Anisometropia was present in nine cases, anisoastigmatism being the most common (seven cases) followed by anisohyperopia (four cases) and anisomyopia (three cases). Amblyopia was noted in three cases, of which two were anisohyperopia and one with anisoastigmatism. No case of strabismic amblyopia was noted in our study.

Abnormal head posture was seen in 60 cases in our study, face turn (92%) being the most common followed by head tilt (7%) and chin down (1%). Signs of aberrant innervation in the form of upshoots and globe retraction were reported in 28 and 60 patients, respectively. Upshoot (23 out of 28) downshoots (5 cases) accounting to total of 37.8% and being more common in exo DRS (50%) was noted.

 Discussion



The present study explored the refractive error profile and other clinical characteristics of patients diagnosed with DRS.

Kekunnaya et al.[8] noted female preponderance in 60% cases especially in unilateral type I DRS. Kirkham[9] and O’Malley et al.[10] have found DRS types II and III to be more prevalent in females compared to males. Our study showed female predominance (57/74 cases) in all types of DRS (eso, exo, and ortho DRS) similar to other studies of individual types of DRS.

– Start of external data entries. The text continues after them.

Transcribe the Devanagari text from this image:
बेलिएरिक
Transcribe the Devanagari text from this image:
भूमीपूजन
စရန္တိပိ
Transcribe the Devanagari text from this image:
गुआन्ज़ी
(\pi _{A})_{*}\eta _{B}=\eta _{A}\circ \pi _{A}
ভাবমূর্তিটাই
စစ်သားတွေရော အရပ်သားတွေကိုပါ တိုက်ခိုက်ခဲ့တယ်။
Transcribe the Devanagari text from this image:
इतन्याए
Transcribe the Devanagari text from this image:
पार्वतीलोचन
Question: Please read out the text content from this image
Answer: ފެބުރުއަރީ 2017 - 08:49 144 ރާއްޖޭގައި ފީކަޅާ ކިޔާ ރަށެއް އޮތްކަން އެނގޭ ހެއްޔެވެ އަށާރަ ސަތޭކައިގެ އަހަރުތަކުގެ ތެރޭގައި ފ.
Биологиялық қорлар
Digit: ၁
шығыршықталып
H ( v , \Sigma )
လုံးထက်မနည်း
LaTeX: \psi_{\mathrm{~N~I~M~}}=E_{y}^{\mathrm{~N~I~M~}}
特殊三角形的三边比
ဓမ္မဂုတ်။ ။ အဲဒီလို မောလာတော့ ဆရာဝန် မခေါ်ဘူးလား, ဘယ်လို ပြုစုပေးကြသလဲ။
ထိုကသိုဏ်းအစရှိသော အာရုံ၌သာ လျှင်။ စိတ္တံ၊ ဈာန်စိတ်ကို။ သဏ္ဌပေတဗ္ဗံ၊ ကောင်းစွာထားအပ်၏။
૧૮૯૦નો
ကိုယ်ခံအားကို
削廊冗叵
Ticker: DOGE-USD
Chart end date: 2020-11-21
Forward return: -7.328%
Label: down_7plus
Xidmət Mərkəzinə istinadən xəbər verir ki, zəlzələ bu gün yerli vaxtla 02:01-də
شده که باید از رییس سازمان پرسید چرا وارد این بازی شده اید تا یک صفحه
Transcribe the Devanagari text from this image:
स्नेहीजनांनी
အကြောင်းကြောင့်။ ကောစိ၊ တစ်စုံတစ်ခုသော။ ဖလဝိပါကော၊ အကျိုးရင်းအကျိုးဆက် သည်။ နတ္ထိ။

Several studies have noted unilateral presentation being common than bilateral occurrence and with left eye being predominantly involved.[11],[12],[13] Similar findings with respect to laterality and predominant eye involved were noted in our study population.

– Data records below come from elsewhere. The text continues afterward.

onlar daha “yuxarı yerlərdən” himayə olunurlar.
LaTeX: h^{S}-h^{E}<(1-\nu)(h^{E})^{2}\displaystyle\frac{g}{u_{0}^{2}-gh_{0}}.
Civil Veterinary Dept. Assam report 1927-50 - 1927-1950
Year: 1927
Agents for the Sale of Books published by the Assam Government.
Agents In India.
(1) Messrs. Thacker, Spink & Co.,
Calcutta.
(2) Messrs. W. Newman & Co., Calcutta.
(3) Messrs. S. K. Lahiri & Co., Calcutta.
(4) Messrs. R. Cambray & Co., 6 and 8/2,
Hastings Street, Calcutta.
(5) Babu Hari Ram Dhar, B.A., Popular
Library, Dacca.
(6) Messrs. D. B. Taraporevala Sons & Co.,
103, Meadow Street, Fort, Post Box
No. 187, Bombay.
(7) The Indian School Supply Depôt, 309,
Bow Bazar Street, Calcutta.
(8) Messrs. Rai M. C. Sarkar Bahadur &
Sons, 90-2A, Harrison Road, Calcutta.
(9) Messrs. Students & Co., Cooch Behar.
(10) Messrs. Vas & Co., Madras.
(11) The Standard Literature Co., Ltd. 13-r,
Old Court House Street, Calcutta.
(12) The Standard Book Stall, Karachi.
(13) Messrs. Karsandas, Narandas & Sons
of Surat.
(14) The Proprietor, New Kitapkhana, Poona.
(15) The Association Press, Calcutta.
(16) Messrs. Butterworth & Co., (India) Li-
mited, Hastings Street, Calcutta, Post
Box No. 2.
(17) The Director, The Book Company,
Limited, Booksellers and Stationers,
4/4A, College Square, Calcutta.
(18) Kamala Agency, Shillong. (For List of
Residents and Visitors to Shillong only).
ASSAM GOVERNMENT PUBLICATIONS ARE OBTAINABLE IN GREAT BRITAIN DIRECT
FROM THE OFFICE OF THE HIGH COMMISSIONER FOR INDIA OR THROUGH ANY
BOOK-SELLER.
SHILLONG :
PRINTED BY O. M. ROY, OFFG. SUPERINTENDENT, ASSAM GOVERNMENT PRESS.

Kekunnaya et al.[8] reported esotropia as most common primary position deviation, followed by orthotropia. According to Isenberg and Urist,[14] in patients with unilateral type I DRS, esotropia occurred more frequently than exotropia; in type II, exotropia was common whereas esotropia, exotropia, and orthotropia occurred equally in type III cases. We classified DRS according to type of primary gaze deviation and not as types I, II, and III unlike previous studies. Our study showed exotropia as the most common primary gaze deviation in contrast to other studies attributable to difference in classification used. Exotropia was probably more common in our study because exotropia is more common in India unlike earlier studies from western countries where the commonest type of strabismus is esotropia.

Kekunnaya et al.[12] reported an occurrence of upshoot or downshoot in 43% of their cases and occurring commonly in unilateral DRS types I and III. Mohan et al.[13] found the prevalence to be significantly greater in DRS types II and III . Upshoots and downshoots amounting to a total of 37.8% were more common in exo DRS in our study comparable to its occurrence in DRS types II and III in the report by Mohan et al.[13]

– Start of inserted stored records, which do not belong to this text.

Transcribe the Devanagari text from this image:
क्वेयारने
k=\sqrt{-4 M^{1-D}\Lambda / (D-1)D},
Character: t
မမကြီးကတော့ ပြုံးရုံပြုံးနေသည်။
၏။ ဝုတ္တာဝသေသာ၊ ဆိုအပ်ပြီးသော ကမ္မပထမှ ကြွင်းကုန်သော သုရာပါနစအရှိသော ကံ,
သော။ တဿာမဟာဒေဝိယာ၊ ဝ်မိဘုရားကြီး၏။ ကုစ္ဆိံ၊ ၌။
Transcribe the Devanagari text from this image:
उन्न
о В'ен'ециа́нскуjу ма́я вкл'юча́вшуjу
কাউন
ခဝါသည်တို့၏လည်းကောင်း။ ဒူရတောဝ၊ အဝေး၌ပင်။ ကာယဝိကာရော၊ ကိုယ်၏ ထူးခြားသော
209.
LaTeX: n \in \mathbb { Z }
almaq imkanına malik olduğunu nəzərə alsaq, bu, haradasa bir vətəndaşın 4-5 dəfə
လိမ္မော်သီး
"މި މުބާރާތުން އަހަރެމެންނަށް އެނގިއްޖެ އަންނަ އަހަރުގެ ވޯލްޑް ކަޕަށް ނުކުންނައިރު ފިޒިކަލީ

Kekunnaya et al.[15] have shown that 30% to 80% of patients with eso DRS have hypermetropia or hypermetropic astigmatism greater than +1.50DS, some even more than +4.00DS. Hyperopia and associated accommodative component in eso DRS have also been reported. The importance of hyperopic correction to correct the accommodative component in eso DRS before surgery has been stressed. Hyperopia (43%) was the most common refractive error followed by myopic astigmatism (22%) and myopia (5%) both in exo DRS and eso DRS in our study. This finding underscores the importance of evaluation and appropriate management of refractive error in both eso DRS and exo DRS.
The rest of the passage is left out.